▶ **Problem description**
Could you transcribe exactly the lines from the one containing "Frame at 0.5 s after image 1." through the last line of the records below, leaving out the pictures?
----- Data for the task
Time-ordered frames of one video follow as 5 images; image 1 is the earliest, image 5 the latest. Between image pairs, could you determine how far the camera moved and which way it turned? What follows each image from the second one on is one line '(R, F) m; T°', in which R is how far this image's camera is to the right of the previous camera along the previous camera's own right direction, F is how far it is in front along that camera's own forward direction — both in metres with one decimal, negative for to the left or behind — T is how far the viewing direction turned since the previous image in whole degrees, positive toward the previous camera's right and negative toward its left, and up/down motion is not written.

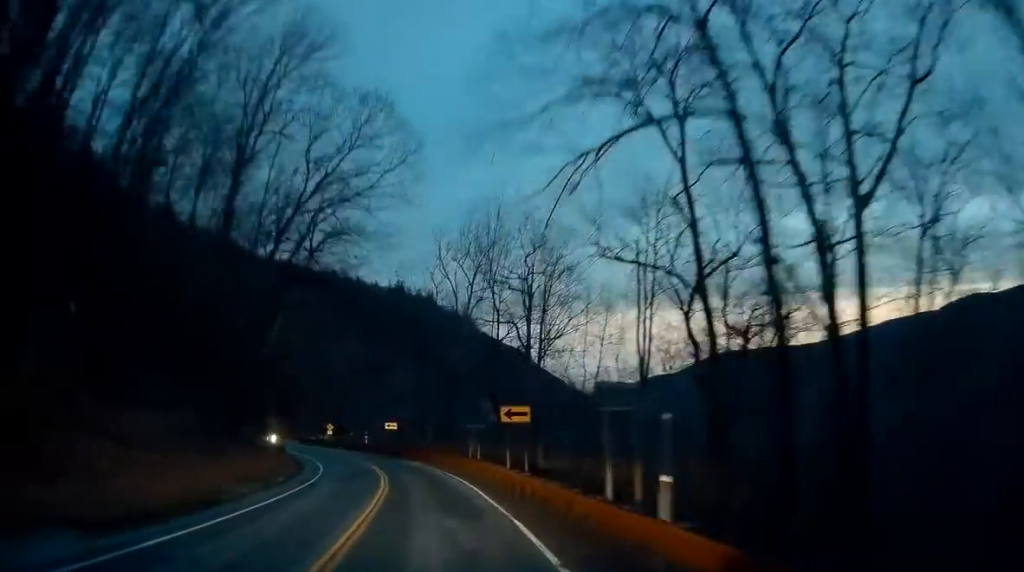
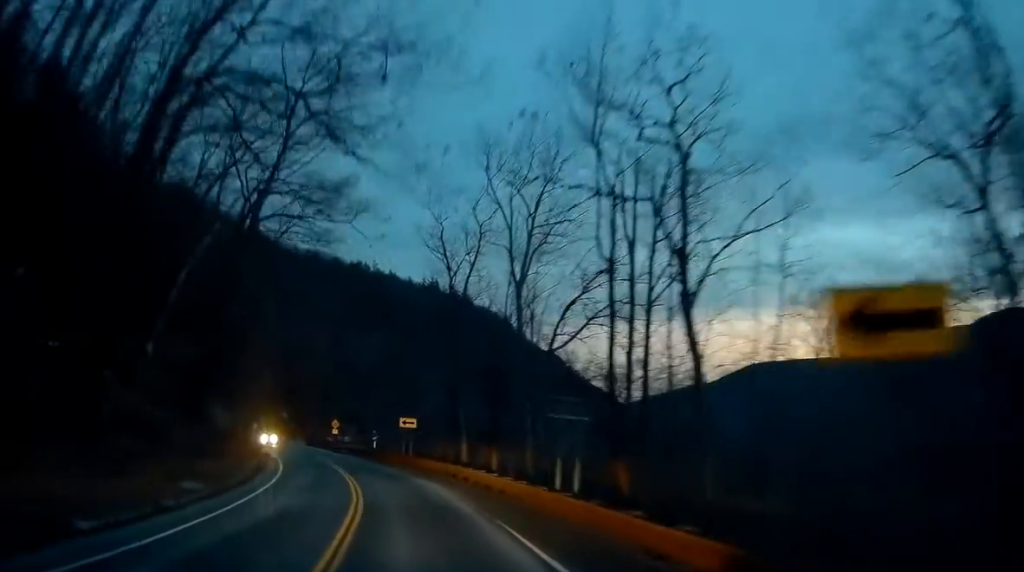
(-0.8, +18.6) m; -4°
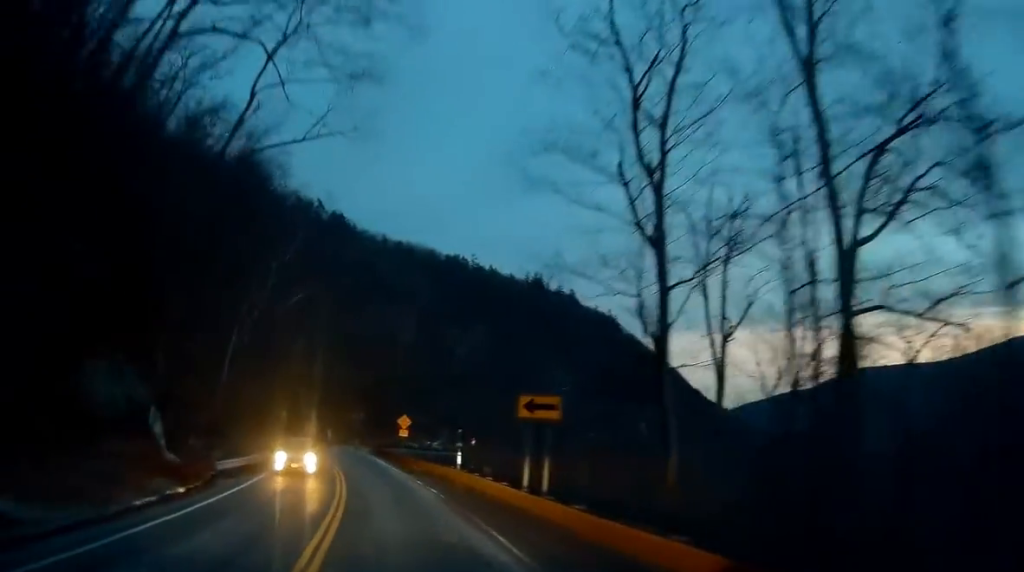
(-1.2, +24.2) m; -8°
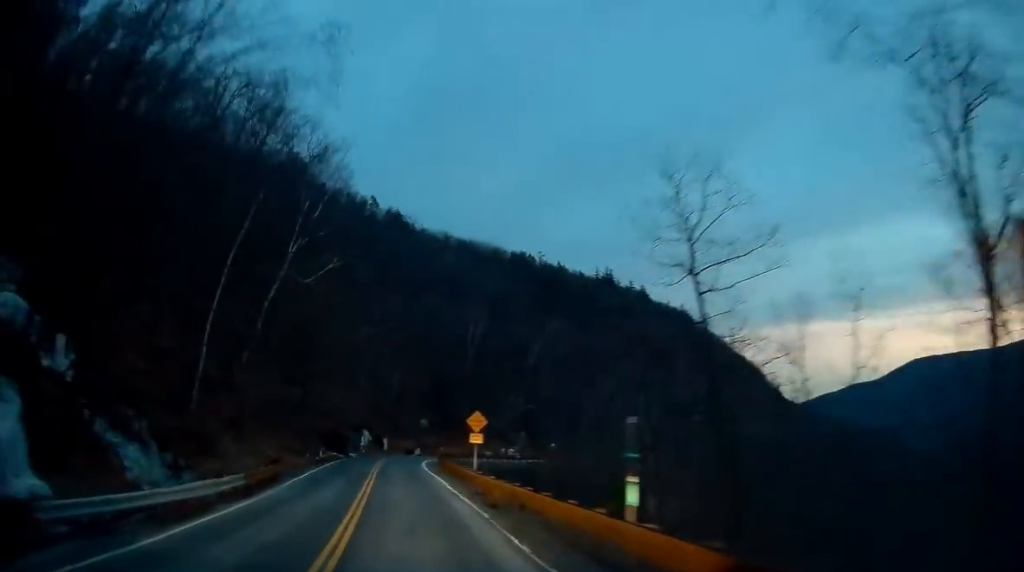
(-0.9, +14.1) m; -5°
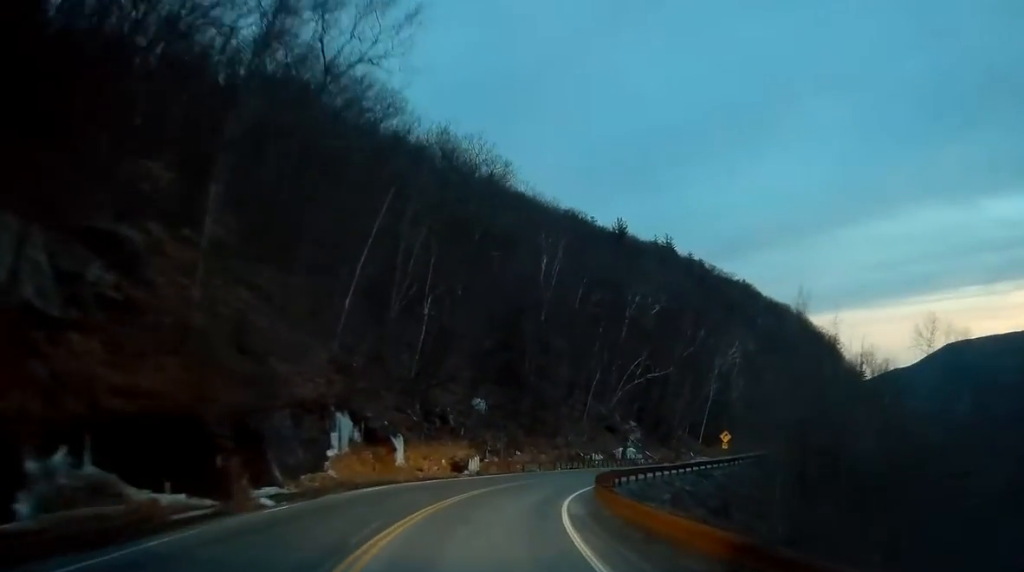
(-4.0, +45.7) m; -3°
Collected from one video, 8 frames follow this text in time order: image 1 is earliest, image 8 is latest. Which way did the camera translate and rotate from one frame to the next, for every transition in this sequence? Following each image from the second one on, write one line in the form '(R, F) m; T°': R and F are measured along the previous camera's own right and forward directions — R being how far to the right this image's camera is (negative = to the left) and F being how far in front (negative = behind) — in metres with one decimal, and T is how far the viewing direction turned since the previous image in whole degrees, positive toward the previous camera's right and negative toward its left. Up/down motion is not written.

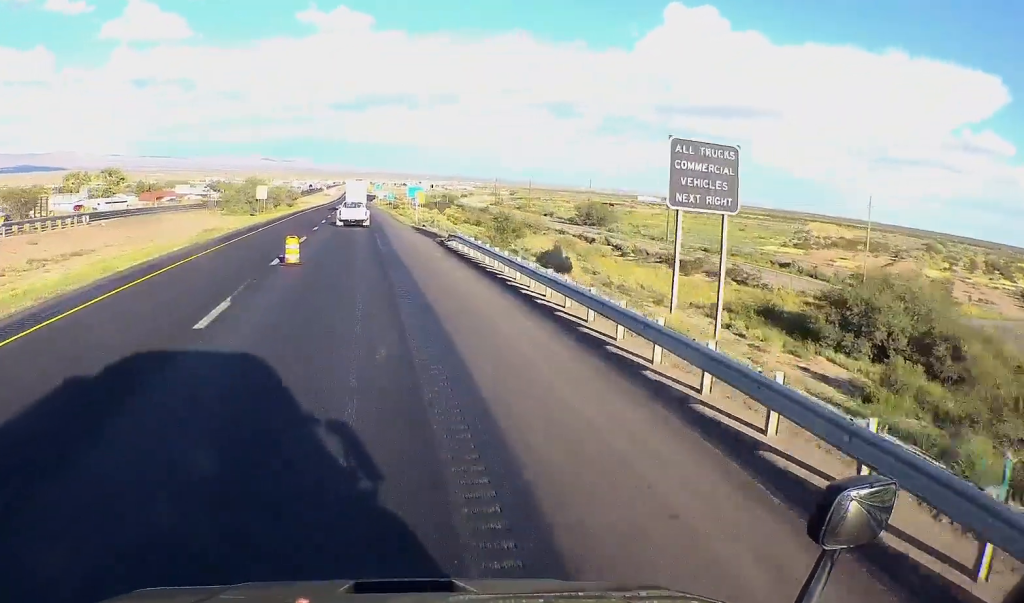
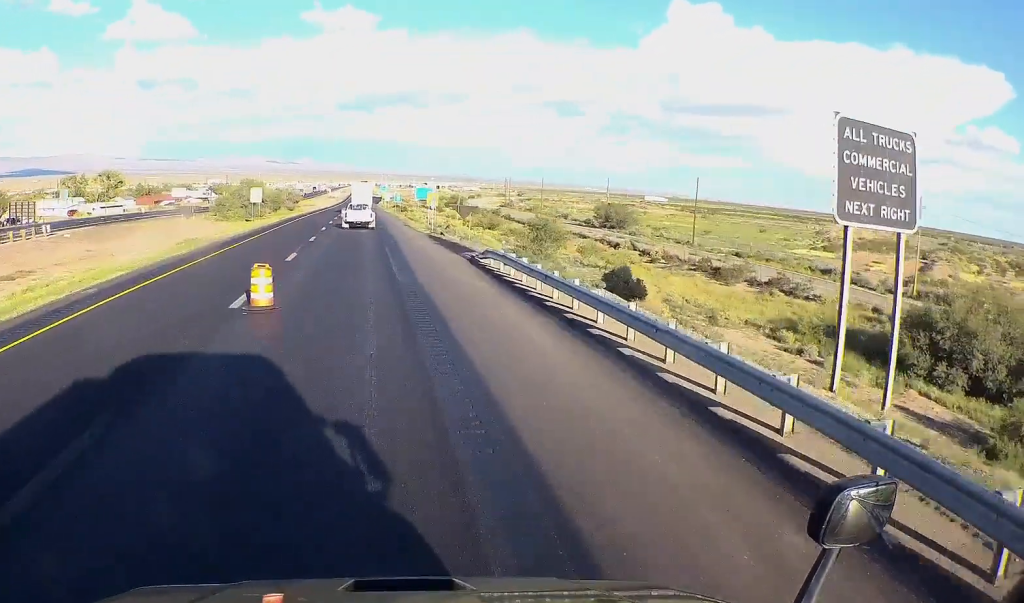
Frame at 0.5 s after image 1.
(-0.2, +9.6) m; -1°
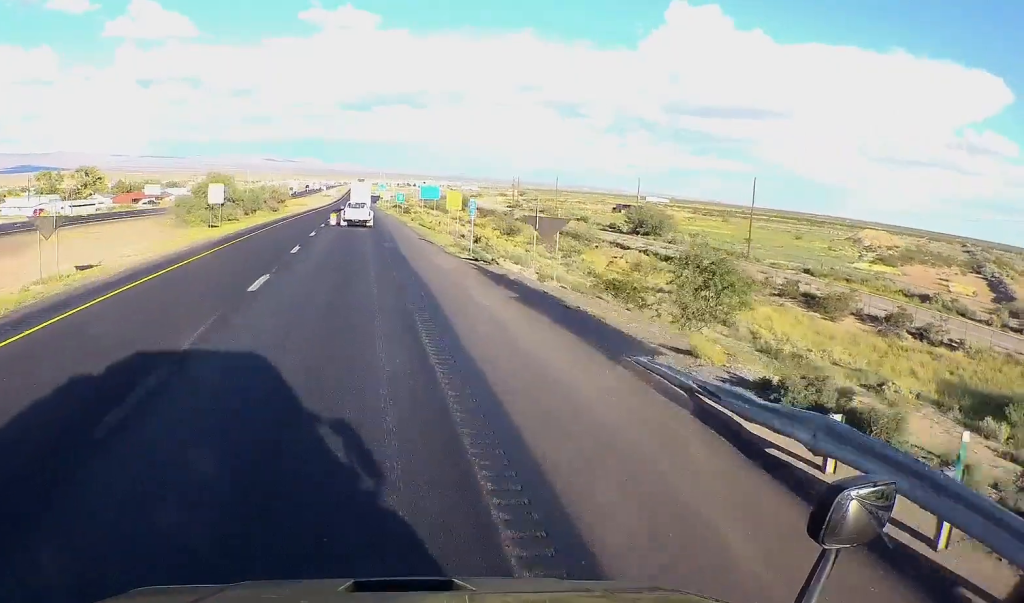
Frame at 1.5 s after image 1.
(-0.6, +21.7) m; -2°
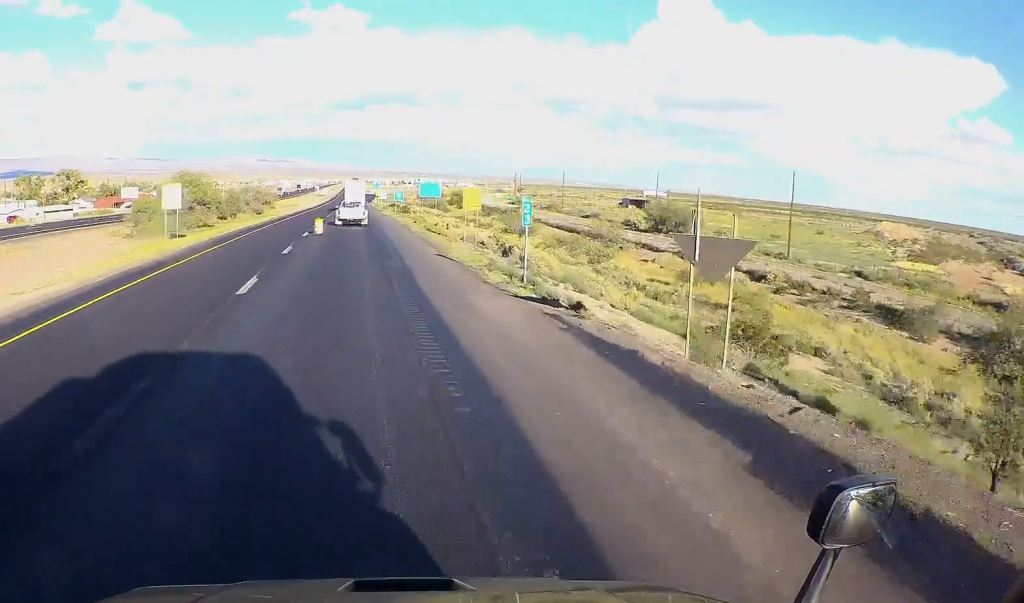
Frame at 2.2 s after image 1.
----------
▶ **Problem solution**
Frame at 0.5 s after image 1.
(-0.2, +9.6) m; -1°
Frame at 1.5 s after image 1.
(-0.6, +21.7) m; -2°
Frame at 2.2 s after image 1.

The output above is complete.